/scrapi

Scrapers + api

Primary LanguagePython

scrapi

Build Status

Getting started

  • You will need to:
    • Install requirements.
    • Install Elasticsearch
    • Install consumers
    • Install rabbitmq

Requirements

  • Create and enter virtual environment for scrapi, and go to the top level project directory.
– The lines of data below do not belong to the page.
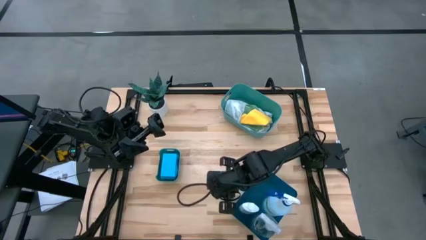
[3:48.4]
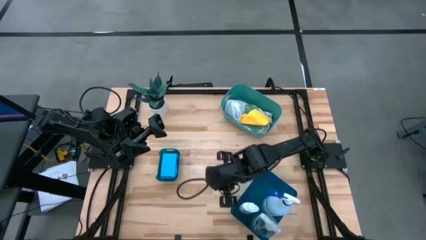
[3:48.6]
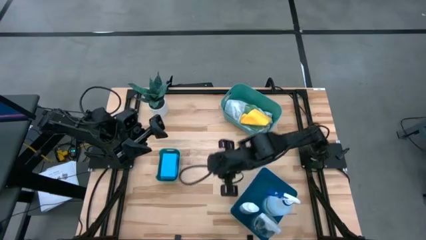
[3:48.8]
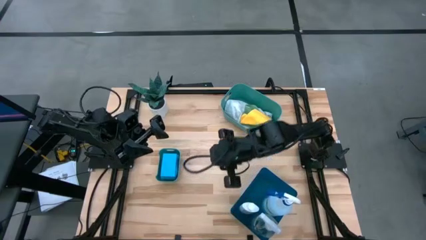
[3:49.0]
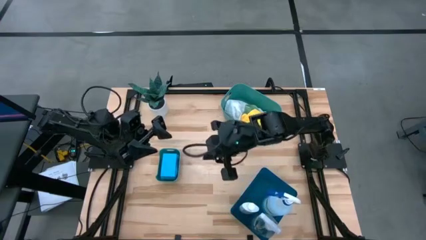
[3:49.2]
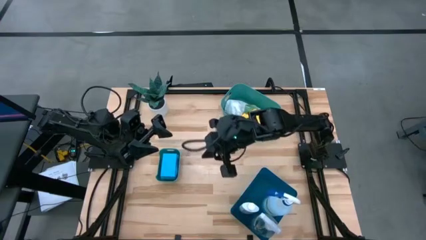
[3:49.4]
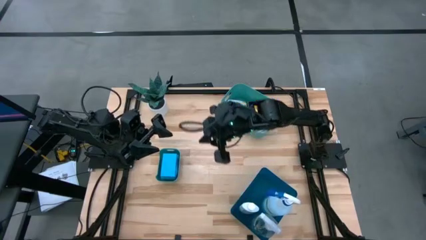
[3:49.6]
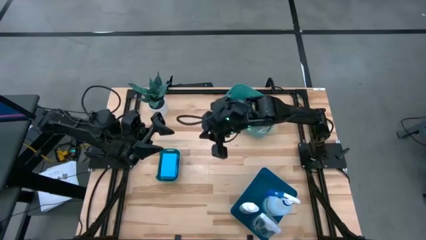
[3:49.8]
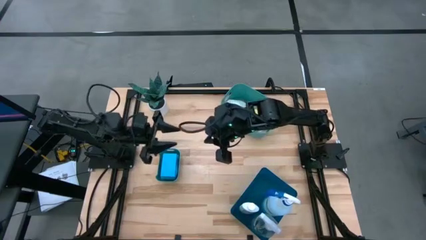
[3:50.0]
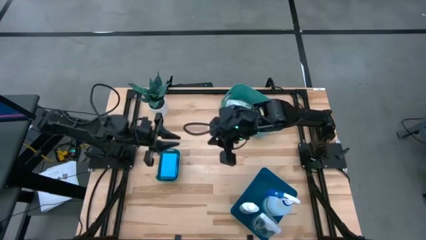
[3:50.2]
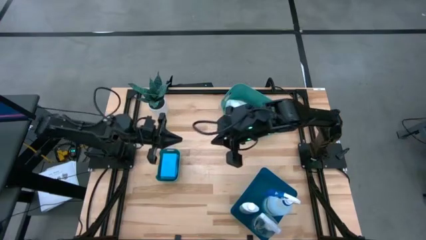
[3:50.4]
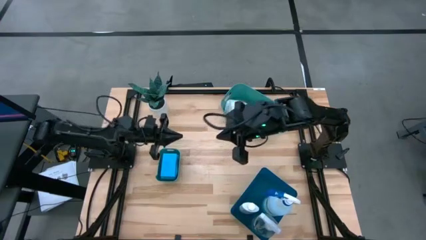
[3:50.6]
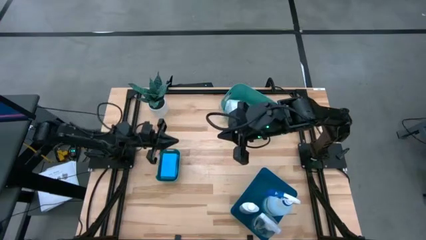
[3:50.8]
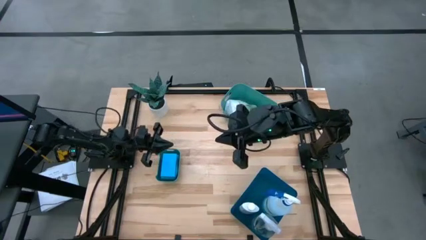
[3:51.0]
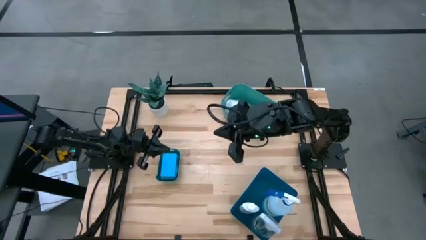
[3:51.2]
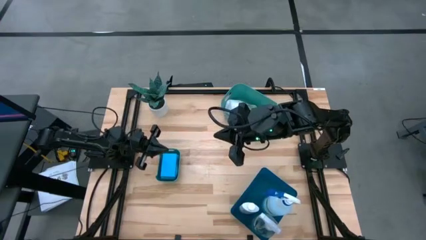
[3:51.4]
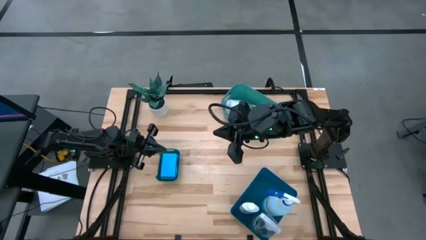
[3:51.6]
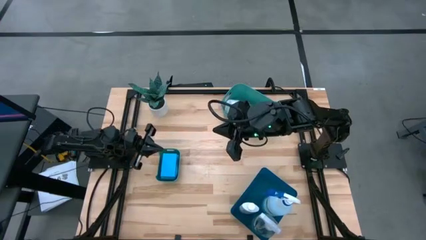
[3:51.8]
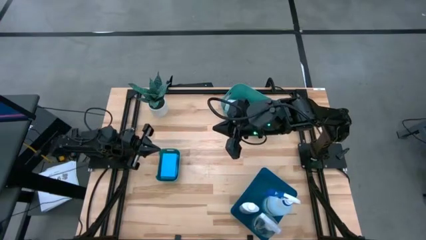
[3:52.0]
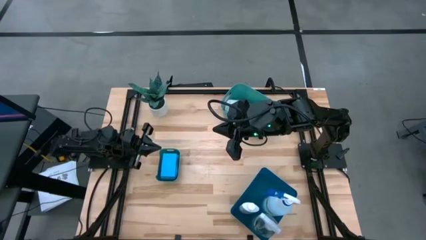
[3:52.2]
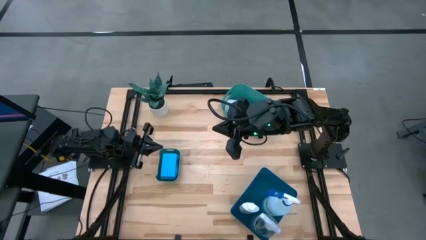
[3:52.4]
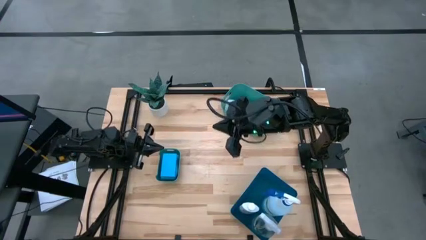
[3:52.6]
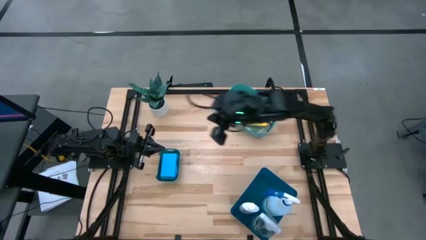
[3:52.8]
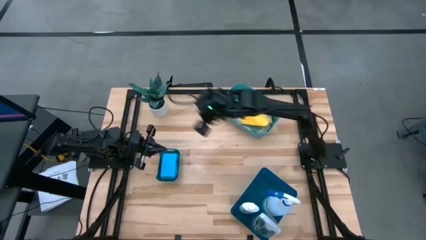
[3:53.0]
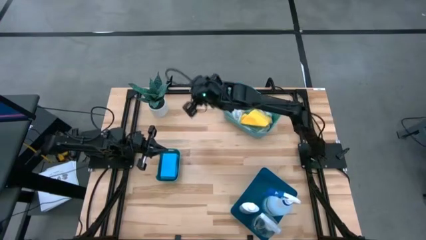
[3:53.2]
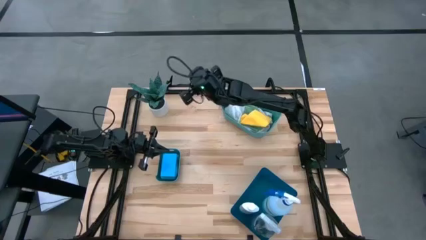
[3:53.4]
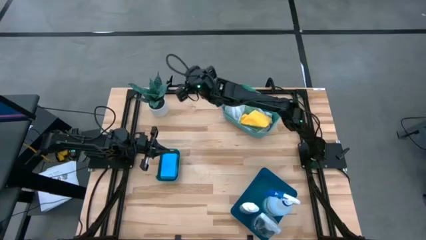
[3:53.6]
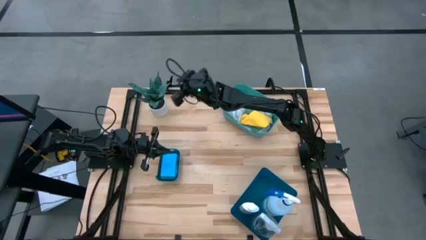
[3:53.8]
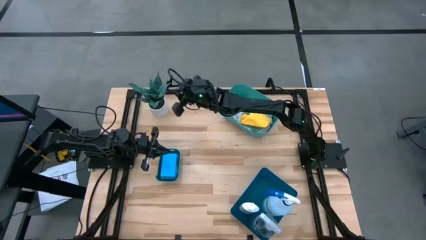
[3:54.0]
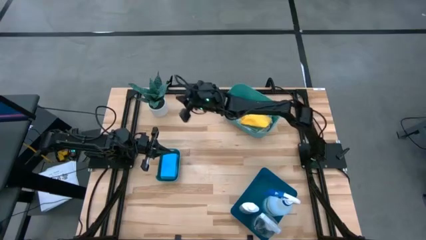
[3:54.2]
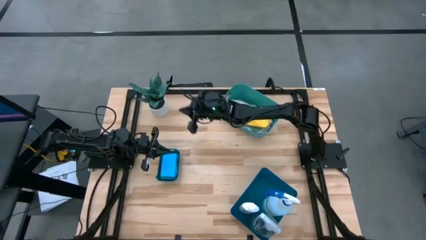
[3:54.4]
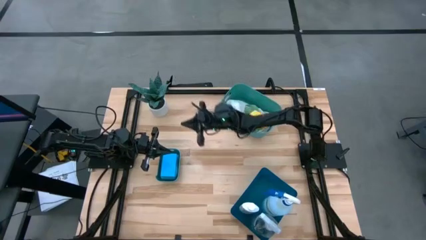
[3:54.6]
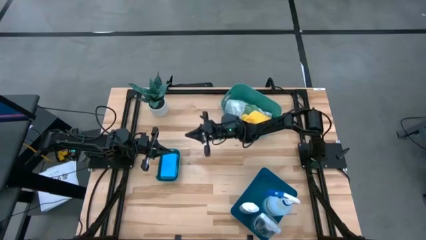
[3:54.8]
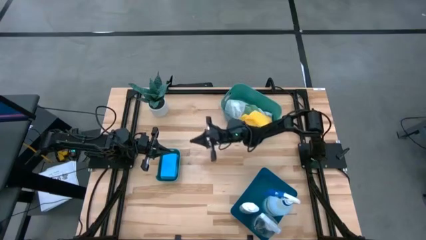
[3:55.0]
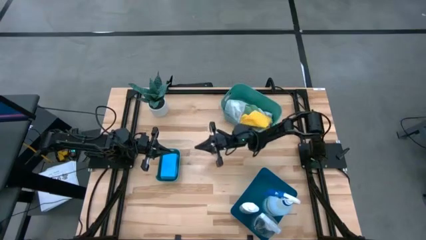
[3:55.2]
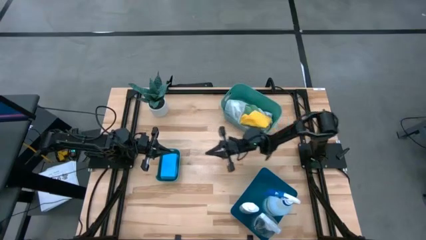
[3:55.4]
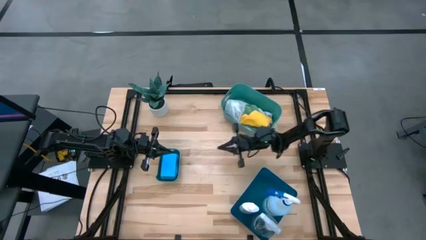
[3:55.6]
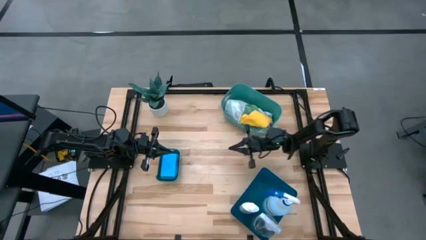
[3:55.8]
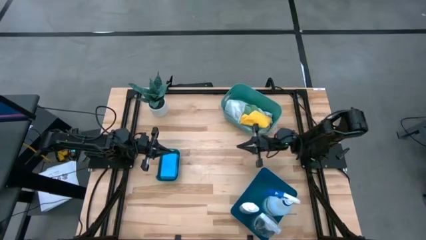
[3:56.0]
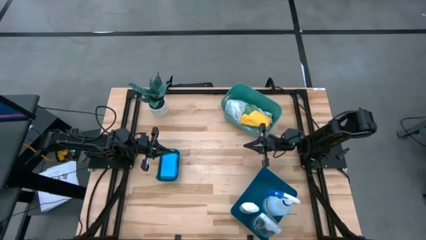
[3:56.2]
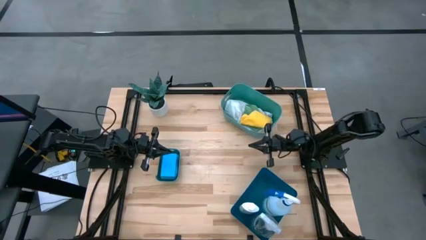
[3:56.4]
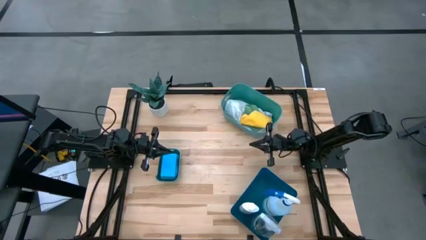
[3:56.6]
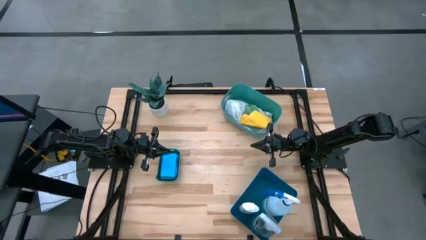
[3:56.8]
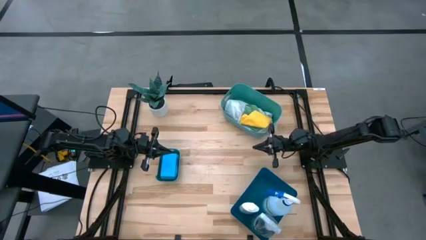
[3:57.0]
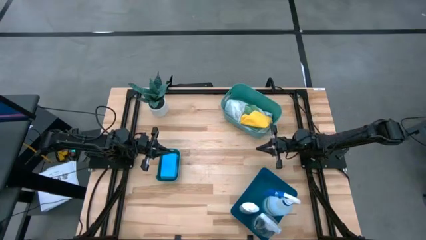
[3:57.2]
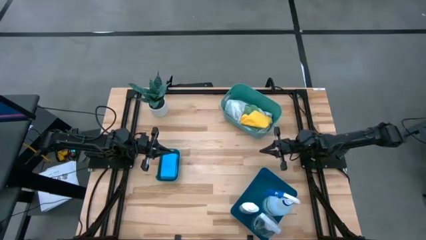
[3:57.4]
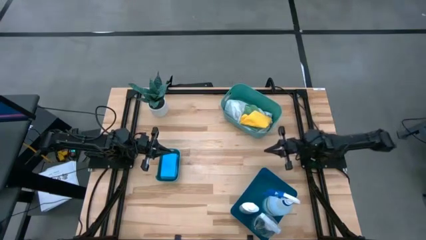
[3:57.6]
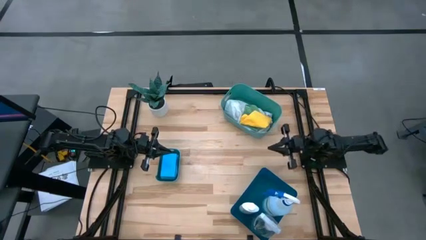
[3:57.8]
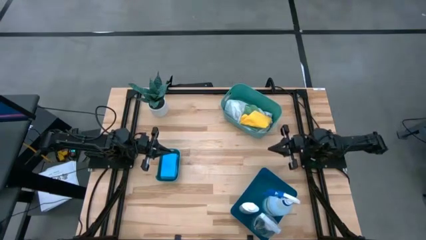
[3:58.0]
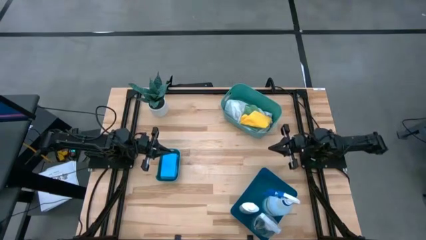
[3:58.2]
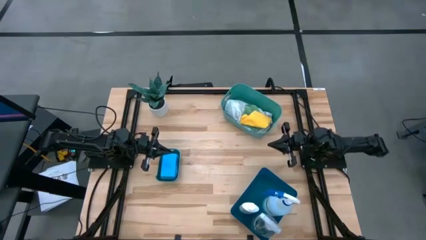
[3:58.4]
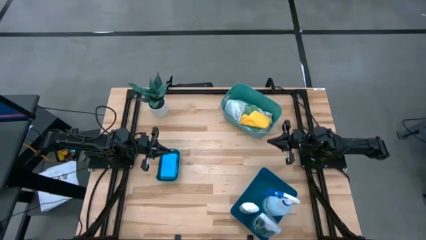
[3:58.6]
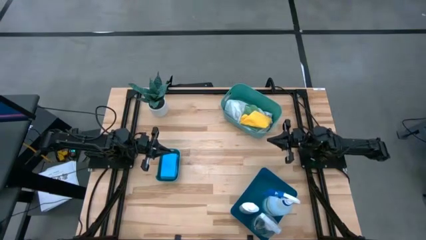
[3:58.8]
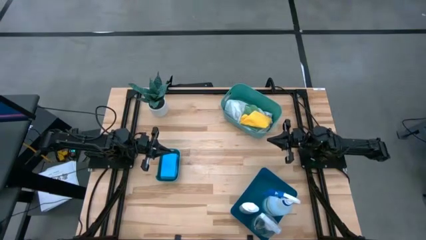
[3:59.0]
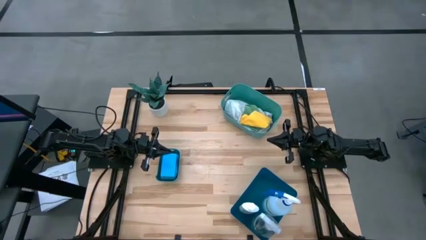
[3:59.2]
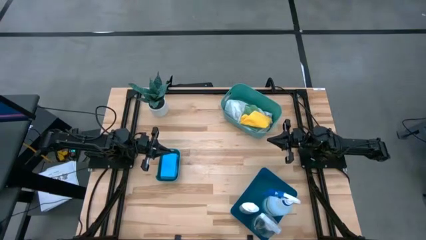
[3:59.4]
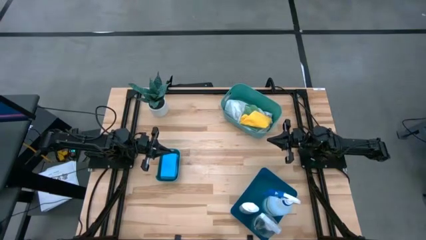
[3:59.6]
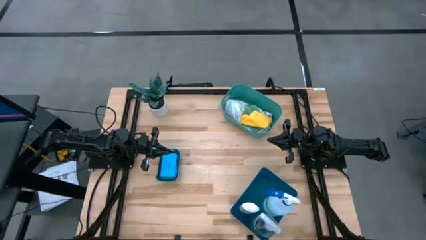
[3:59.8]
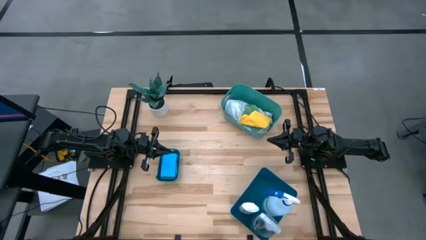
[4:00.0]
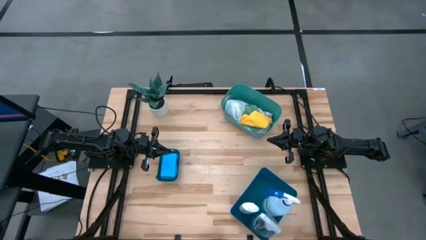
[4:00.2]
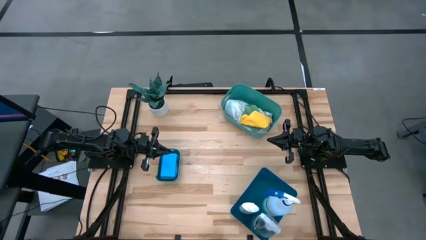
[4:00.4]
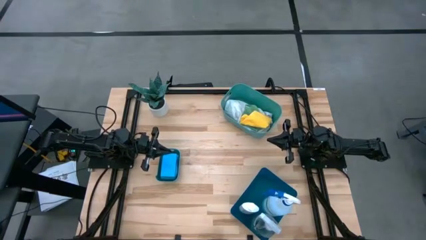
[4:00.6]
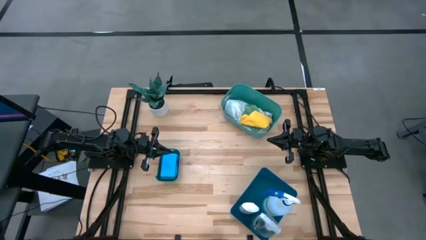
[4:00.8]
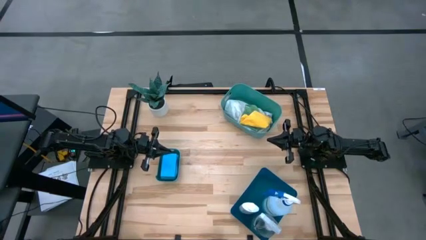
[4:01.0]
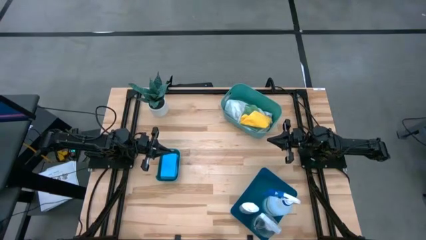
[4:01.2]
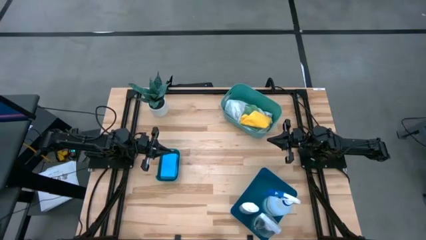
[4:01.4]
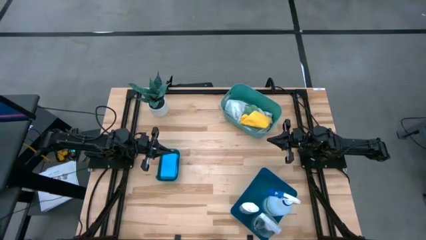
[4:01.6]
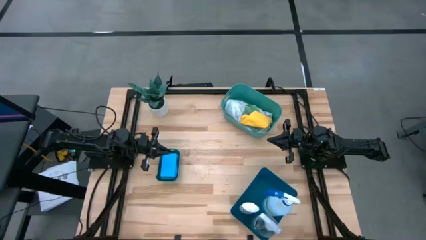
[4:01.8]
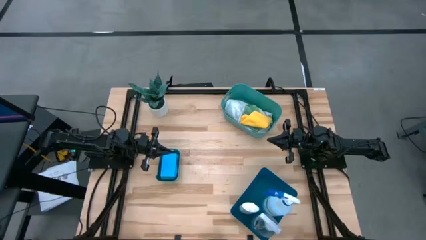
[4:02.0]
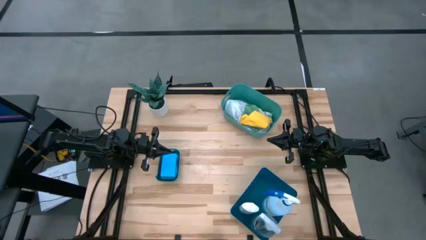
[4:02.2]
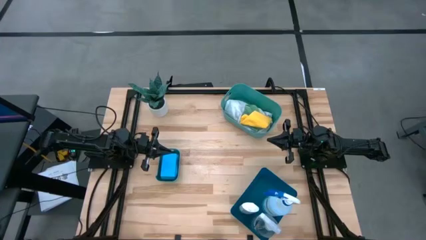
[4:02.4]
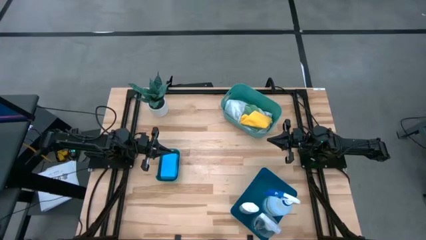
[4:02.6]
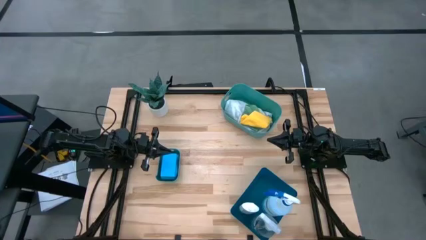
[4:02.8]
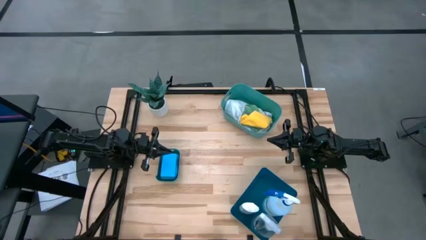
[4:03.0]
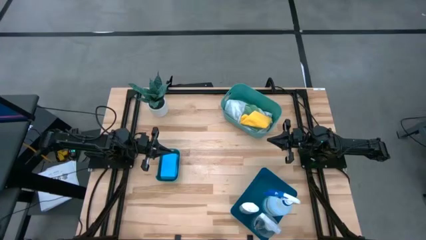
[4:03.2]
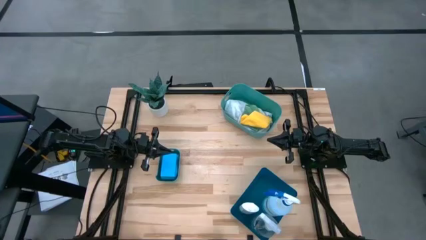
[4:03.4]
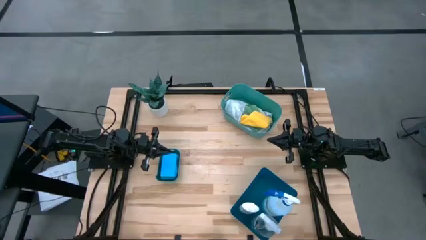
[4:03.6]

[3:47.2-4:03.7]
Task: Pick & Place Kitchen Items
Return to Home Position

From there, run
$ pip install -r requirements.txt

and the python requirements for the project will download and install.

Installing Elasticsearch

note: JDK 7 must be installed for elasticsearch to run

Mac OSX

$ brew install elasticsearch

Now, just run

$ elasticsearch

or

$ invoke elasticsearch

and you should be good to go.

Ubuntu

$ wget https://download.elasticsearch.org/elasticsearch/elasticsearch/elasticsearch-1.2.1.deb 
$ sudo dpkg -i elasticsearch-1.2.1.deb

Now, just run

$ sudo service elasticsearch start

or

$ invoke elasticsearch

and you should be good to go.

Running the server

  • Just run
$ python main.py

from the scrapi/website/ directory, and the server should be up and running!

Consumers

  • Just run
$ invoke install_consumers

and the consumers specified in the manifest files of the worker_manager, and their requirements, will be installed.

Rabbitmq

Mac OSX

$ brew install rabbitmq

Ubuntu

$ sudo apt-get install rabbitmq-server

Running the scheduler

  • from the top-level project directory run:
$ invoke celery_beat

to start the scheduler, and

$ invoke celery_worker

to start the worker.

Testing

  • To run the tests for the project, just type
$ invoke test

and all of the tests in the 'tests/' directory will be run.